▸ **Work to be completed**:
Write out the records beneath this line exactly as they appear, minus any images.

▸ **Entries provided**:
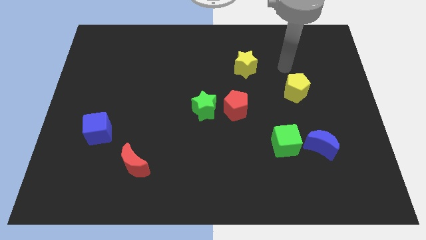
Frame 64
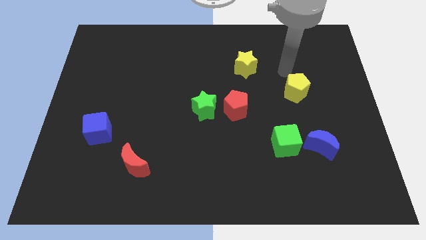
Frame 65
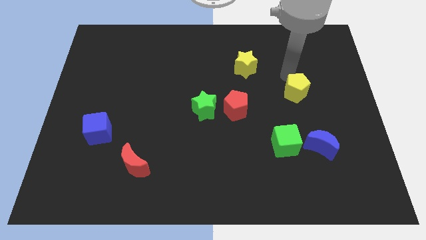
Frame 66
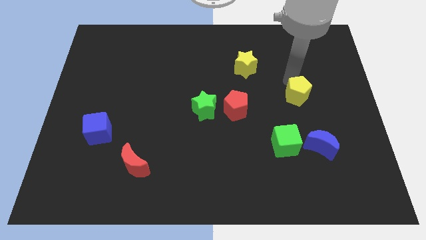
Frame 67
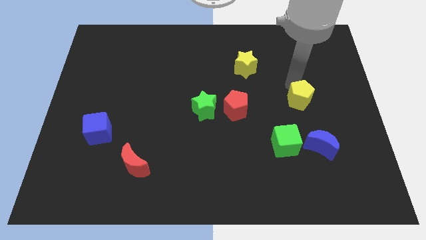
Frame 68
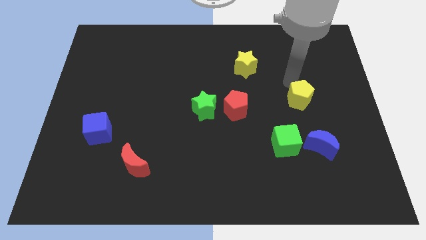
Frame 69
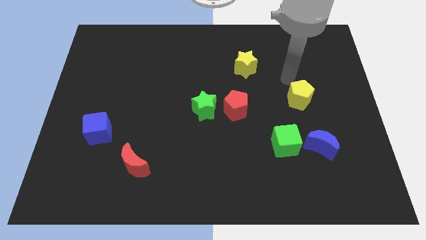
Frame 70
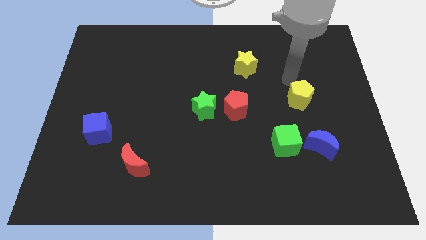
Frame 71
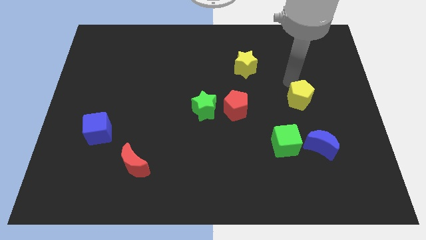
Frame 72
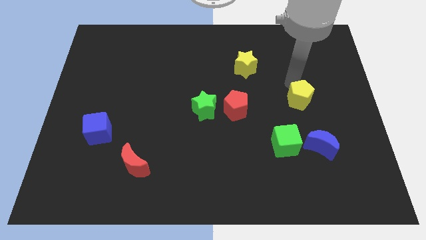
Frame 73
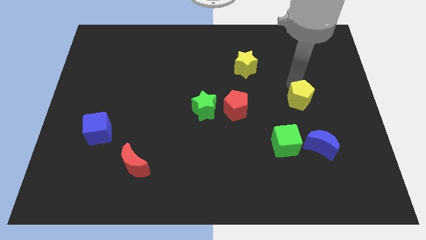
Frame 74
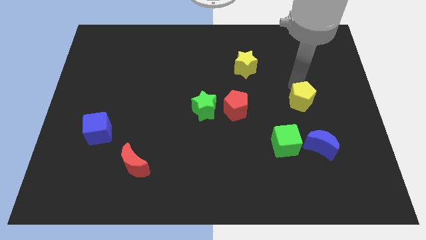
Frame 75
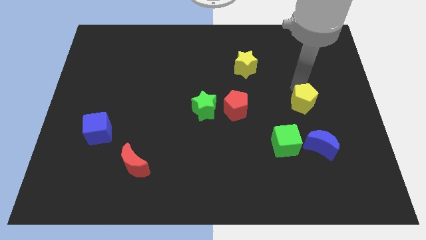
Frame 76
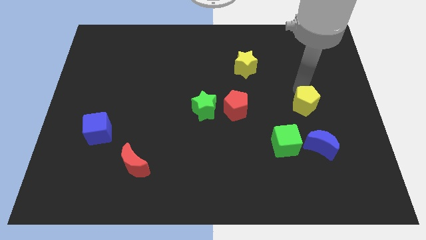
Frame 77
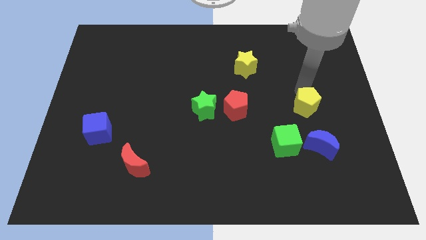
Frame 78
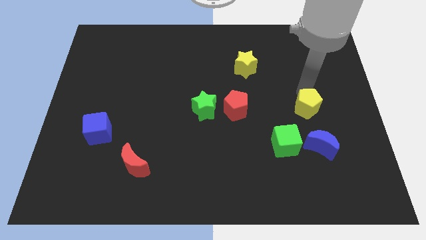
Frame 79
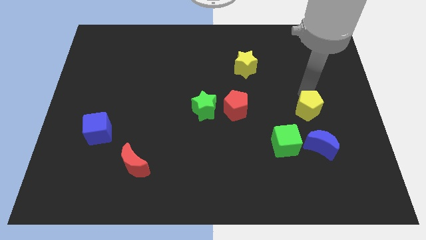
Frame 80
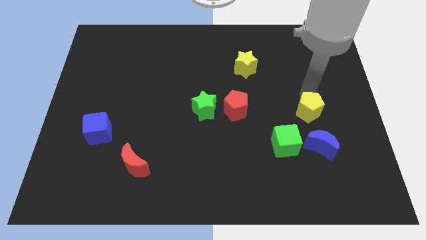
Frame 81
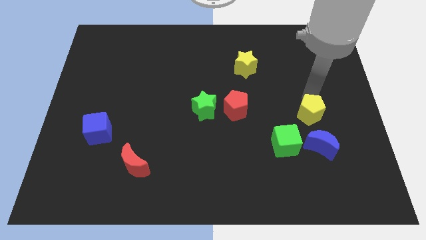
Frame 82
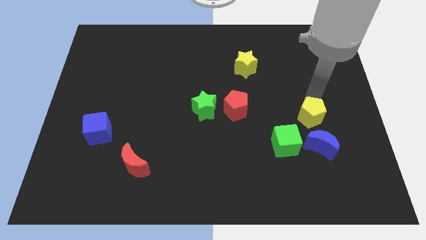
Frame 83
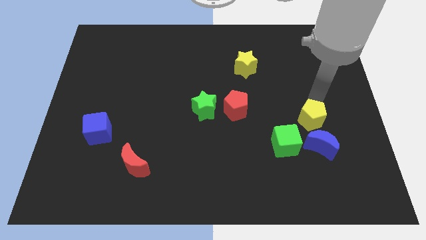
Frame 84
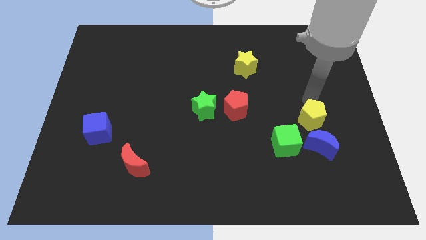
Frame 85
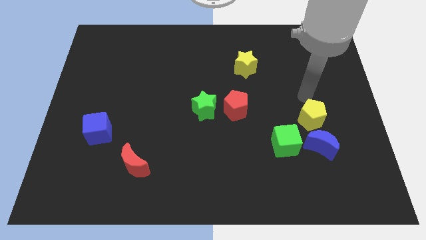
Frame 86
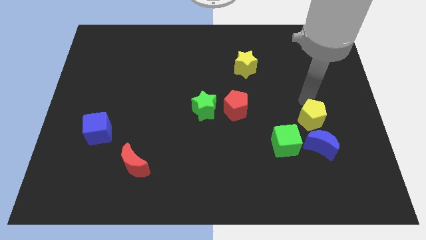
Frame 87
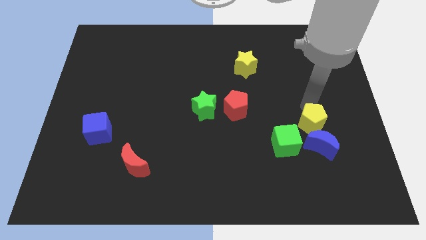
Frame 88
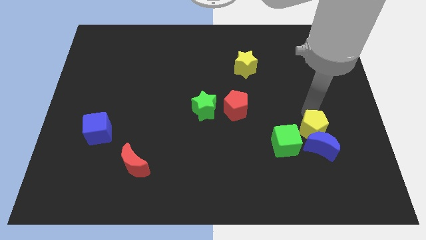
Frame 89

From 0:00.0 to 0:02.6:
move the yellow pentagon towards the blue moon

▸ **Response below**:
Frame 64
Frame 65
Frame 66
Frame 67
Frame 68
Frame 69
Frame 70
Frame 71
Frame 72
Frame 73
Frame 74
Frame 75
Frame 76
Frame 77
Frame 78
Frame 79
Frame 80
Frame 81
Frame 82
Frame 83
Frame 84
Frame 85
Frame 86
Frame 87
Frame 88
Frame 89

From 0:00.0 to 0:02.6:
move the yellow pentagon towards the blue moon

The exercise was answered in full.